-------- MATERIAL PROVIDED

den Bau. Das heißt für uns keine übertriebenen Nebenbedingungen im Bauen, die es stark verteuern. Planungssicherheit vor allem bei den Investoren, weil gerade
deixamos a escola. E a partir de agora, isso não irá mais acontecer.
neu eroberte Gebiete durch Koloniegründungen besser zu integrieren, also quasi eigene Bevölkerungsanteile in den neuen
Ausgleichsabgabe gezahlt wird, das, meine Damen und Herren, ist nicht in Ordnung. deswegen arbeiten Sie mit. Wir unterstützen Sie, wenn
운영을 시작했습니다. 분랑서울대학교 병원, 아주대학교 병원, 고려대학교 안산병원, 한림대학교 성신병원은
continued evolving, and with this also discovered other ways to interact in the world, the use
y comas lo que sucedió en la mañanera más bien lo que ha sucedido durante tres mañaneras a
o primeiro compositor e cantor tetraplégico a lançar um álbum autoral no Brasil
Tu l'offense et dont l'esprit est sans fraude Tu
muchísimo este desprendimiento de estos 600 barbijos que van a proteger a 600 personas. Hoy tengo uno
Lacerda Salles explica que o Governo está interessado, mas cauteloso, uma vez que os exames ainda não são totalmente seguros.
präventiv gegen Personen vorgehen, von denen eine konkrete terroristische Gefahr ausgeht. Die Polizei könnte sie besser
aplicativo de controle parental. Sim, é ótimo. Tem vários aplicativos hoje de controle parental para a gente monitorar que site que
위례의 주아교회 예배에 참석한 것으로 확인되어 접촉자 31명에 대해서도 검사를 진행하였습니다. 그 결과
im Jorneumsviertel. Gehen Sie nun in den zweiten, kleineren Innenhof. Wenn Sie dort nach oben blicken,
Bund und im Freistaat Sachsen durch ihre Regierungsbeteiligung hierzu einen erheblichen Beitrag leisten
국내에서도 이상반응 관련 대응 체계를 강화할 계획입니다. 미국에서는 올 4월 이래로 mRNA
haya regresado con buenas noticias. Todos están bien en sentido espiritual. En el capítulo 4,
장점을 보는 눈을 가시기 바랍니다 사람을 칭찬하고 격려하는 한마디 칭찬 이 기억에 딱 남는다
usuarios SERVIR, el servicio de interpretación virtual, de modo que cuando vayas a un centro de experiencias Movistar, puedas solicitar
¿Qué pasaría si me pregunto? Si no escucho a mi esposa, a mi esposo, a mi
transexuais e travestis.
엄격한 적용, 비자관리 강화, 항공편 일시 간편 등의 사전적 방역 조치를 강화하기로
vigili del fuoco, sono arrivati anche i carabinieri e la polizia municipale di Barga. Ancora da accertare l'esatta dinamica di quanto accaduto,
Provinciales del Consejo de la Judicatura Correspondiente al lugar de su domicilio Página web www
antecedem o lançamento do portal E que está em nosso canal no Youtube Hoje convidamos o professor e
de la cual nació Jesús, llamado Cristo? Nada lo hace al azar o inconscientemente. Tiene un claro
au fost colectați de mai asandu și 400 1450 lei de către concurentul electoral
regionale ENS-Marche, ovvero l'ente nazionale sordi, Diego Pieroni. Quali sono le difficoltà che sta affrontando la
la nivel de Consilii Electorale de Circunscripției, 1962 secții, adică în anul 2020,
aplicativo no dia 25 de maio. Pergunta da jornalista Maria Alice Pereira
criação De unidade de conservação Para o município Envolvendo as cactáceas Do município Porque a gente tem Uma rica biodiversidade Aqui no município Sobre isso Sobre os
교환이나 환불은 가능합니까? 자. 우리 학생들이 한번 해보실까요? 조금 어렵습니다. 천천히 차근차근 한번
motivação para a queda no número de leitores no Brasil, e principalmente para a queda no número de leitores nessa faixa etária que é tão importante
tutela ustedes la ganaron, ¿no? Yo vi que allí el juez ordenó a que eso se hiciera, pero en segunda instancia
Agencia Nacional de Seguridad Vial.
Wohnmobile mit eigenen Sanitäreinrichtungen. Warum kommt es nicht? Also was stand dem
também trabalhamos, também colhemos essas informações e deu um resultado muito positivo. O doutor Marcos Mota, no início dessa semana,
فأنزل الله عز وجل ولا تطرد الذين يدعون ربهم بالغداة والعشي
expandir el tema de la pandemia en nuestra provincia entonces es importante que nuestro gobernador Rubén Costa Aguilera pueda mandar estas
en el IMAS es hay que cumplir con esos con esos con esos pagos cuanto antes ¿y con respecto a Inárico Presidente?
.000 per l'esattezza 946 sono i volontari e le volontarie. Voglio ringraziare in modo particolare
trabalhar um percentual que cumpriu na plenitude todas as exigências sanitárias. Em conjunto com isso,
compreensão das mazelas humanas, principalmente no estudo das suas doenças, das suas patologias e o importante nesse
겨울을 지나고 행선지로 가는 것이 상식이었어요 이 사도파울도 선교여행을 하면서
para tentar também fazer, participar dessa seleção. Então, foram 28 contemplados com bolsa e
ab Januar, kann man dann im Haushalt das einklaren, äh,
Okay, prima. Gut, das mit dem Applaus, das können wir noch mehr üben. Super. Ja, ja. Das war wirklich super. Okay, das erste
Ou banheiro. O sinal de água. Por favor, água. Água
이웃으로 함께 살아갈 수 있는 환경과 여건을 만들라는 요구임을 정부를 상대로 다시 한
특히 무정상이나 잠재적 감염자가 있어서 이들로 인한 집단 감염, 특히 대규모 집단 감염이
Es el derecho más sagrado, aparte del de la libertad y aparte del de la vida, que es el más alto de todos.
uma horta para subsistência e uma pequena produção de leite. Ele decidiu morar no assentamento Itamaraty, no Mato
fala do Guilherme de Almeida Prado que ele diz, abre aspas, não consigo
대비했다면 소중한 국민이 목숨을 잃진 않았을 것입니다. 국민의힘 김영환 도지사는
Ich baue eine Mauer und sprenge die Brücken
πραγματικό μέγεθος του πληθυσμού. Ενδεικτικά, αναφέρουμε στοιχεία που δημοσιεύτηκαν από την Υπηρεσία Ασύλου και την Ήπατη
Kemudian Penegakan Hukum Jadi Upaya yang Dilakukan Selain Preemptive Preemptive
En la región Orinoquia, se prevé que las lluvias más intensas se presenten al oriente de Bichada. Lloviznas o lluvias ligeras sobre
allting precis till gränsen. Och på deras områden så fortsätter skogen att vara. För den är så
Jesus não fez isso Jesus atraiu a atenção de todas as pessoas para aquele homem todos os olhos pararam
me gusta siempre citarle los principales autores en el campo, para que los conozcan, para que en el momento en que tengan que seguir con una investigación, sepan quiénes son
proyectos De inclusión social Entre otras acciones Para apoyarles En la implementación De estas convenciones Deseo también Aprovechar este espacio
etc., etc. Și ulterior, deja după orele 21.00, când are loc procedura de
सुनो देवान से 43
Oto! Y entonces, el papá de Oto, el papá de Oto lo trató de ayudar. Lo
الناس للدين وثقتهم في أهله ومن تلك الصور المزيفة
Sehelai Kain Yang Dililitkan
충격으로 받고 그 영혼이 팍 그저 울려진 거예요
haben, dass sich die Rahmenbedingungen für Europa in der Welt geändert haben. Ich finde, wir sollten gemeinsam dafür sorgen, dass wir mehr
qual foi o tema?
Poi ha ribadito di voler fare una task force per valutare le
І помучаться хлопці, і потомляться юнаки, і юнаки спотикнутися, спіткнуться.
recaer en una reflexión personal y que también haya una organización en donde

----------------

▶ DIRECTIONS:
Only the lines holding the word "dessa" belong in the answer; copy them from the listing above.

▶ RESULT:
também trabalhamos, também colhemos essas informações e deu um resultado muito positivo. O doutor Marcos Mota, no início dessa semana,
para tentar também fazer, participar dessa seleção. Então, foram 28 contemplados com bolsa e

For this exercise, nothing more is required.